当洛涧的话音一落,其他人皆是立刻会悟了过来,已是神色戒备地警觉着眼前这个老婆子,做好了随时可以出手的准备。
老婆子道:“大爷,这么好的月饼,你们还要不要买?不买,老婆子我就招呼别人去了。”
洛涧道:“买!不过我只买没有毒的那一种。”
老婆子眨了眨眼,忽而就笑了,她的笑声如银铃,却比银铃更加动听,道:“刚刚新鲜出炉这么好的月饼,一口就可以毒死好几个人,你们不尝一尝真的是可惜了。”
就在她开始笑的时候,她已经从装月饼的篮子里抽出两柄巴掌大小的短剑,剑上系着鲜红的绸缎。而洛涧看到这双短剑的时候,已是剑光带着红绸一闪,剑锋已经停在了他的咽喉前,再入一分一毫,他便会血溅当场。
好快的出招!好快的剑!
洛涧并非大意,也并非不想闪躲,只是他丝毫没有反应过来,他看不清,甚至而言是看不见。平时他也许是个很大意,很大大咧咧的人,可是到了这种生死关头,他总会非常地小心谨慎,或许找遍天底下也找不出几个比他更谨慎,更怕死的人。原因无他,因为他已经死过一次了,他不知道再死一次会怎么样,他不敢再死。

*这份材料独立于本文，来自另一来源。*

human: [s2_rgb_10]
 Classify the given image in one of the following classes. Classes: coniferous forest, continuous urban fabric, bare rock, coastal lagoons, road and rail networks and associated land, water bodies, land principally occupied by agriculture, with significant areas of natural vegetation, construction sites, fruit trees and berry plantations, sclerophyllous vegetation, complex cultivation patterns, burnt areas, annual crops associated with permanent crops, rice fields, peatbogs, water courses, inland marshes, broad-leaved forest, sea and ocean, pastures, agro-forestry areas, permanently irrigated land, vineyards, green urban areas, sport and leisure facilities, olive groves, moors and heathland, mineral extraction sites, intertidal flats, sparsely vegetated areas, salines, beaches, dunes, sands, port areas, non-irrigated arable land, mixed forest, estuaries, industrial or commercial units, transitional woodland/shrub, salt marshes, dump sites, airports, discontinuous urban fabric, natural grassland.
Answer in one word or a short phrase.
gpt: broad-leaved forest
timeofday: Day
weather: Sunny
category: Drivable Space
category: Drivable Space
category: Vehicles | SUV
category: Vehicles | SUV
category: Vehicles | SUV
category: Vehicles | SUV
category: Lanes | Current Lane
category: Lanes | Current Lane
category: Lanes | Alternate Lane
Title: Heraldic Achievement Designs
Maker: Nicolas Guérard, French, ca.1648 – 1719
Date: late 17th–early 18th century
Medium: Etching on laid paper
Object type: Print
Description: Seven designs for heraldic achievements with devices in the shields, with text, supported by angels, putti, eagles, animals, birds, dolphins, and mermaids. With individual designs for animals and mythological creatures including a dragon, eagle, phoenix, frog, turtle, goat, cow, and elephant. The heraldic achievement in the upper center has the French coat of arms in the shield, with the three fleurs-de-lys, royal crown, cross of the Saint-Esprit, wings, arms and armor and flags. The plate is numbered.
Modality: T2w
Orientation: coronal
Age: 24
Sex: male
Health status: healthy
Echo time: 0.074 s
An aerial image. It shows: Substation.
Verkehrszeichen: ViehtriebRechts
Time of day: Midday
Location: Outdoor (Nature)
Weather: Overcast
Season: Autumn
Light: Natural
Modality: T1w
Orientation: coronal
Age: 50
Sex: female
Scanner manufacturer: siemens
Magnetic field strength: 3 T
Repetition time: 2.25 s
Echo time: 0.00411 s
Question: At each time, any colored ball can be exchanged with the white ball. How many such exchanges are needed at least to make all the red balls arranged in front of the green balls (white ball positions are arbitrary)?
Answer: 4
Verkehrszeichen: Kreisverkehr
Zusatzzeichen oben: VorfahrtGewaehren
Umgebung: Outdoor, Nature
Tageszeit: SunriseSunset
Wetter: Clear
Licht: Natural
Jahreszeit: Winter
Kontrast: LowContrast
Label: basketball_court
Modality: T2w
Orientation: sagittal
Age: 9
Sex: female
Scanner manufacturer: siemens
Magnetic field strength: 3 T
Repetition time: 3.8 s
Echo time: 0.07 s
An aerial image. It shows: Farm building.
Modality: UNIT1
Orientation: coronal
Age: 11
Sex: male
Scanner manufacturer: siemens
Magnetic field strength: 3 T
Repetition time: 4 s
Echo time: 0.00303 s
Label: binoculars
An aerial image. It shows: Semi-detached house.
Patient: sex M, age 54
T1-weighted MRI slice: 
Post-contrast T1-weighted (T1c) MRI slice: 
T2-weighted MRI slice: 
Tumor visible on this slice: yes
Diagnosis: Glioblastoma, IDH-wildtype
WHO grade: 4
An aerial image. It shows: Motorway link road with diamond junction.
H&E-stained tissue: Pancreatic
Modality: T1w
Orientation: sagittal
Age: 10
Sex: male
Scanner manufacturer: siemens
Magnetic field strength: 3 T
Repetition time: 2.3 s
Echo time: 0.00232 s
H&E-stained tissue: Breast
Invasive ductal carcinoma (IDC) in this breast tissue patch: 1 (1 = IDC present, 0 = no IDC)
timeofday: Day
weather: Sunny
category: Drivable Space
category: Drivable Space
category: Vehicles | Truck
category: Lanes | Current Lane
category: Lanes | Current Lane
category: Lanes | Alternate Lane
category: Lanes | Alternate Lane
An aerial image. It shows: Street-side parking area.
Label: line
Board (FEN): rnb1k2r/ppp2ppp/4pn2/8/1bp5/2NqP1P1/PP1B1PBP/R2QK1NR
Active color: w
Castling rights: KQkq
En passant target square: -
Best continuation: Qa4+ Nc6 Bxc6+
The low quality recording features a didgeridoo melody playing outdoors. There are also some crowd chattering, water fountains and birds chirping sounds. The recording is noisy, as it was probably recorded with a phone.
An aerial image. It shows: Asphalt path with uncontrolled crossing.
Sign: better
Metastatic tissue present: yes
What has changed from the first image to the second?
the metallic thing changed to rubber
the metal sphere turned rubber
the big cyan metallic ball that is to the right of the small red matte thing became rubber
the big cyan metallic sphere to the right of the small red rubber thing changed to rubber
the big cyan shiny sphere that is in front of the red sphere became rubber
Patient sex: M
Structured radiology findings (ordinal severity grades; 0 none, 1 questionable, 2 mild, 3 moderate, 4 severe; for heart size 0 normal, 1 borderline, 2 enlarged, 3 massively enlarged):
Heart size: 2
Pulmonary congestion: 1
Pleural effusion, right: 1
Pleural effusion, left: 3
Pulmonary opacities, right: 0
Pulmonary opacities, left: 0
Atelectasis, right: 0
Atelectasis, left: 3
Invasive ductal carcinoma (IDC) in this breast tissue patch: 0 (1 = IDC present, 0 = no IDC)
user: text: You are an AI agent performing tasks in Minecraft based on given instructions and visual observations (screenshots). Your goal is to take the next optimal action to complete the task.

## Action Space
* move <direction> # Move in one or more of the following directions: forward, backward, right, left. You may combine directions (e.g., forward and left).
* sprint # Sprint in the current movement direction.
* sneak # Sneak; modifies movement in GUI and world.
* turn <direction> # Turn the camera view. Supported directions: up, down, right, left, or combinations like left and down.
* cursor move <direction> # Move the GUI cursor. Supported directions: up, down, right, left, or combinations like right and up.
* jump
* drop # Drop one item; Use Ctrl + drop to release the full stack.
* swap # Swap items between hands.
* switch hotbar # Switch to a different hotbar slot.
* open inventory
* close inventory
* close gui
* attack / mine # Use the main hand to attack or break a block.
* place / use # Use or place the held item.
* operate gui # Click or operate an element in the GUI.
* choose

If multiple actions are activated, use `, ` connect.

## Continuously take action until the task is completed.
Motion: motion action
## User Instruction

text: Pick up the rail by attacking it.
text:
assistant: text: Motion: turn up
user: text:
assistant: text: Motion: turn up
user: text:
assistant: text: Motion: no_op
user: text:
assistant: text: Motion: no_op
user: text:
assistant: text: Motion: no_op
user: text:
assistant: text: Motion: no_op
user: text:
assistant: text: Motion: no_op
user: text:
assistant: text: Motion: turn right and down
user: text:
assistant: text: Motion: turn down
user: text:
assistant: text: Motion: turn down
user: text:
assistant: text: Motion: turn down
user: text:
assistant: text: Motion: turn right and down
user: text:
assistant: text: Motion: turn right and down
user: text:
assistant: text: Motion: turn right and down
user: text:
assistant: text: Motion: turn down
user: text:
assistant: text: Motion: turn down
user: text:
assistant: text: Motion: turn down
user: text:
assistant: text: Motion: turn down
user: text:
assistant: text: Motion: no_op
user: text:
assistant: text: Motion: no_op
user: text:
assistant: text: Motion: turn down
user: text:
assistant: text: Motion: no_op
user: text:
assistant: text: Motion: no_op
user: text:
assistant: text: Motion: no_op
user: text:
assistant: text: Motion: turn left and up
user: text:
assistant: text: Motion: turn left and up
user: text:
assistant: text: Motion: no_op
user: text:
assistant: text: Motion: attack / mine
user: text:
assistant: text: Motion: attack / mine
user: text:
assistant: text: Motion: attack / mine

而如此小心谨慎,时刻警觉的洛涧,丝毫没有看清她的出手,丝毫没有看见她的动作,再等他反应过来的时候,剑尖已经停在了他的咽喉旁。
剑光如惊虹,如擎电,就连树叶也被森寒的剑气所摧,片片落下。
劫风窃雪的剑快,安蠡笙的剑更快,苏暮心的绸缎亦是很快。
安蠡笙与苏暮心几乎是同时出手,“叮”地一声,安蠡笙的青锋长剑,剑身相接,长剑与短剑的剑格已经相互卡住,苏暮心的彩绸亦如灵蛇彩蟒一样,已经紧紧地捆住了劫风窃雪的右手。
一寸长一寸强,安蠡笙的三尺青锋剑不仅挡住了劫风窃雪的进招,更是剑尖直指她的门面。
但是她却丝毫没有慌乱,反而是笑意盈盈地问道:“大爷怎么看出来了的?”
洛涧强忍着恐慌,故作镇定地道:“你扮起来老人来却是比不得你扮的年轻人。”却不曾想自己额头滴落的那滴冷汗,已经显示出他的惊恐。
劫风窃雪道:“大爷可否指教一下?”
洛涧嘴角挑了挑,道:“我可没有见过项脖如此光洁白嫩的老人。”
劫风窃雪闻言,忽而笑了,道:“多谢大爷指点了,大爷可以上路了。”
此时她的笑,不再是银铃般的笑,而是狞笑,催命的笑。
只听见“磁”地一声,剑锋破风,劫风窃雪手里的另一柄短剑如蛟龙出海,脱手而去,就直往洛涧胸口闪电般地刺了过去。
洛涧只觉得身形一轻,自己竟然是被人提了起来,正是辽东小怪,他抓住自己项脖后的领子,就要把自己带着离开这处危险的交锋战场。
见那短剑如游龙一样紧随洛涧而去,张逸亦是身形弹起,抽出腰间的执剑,“叮”的一声将短剑打落,又是反手一剑,剑柄的绸带“嘶啦”两声,应声而断。
两声,断的不仅是张逸砍断绸带,还有苏暮心的彩绸带,只见劫风窃雪又从怀中摸出一柄短剑,砍断捆住右手的缎带,随即身子也已经凌空翻出,素衣飘起,一团身影在月光下一现,她的人已经掠出了七八丈远。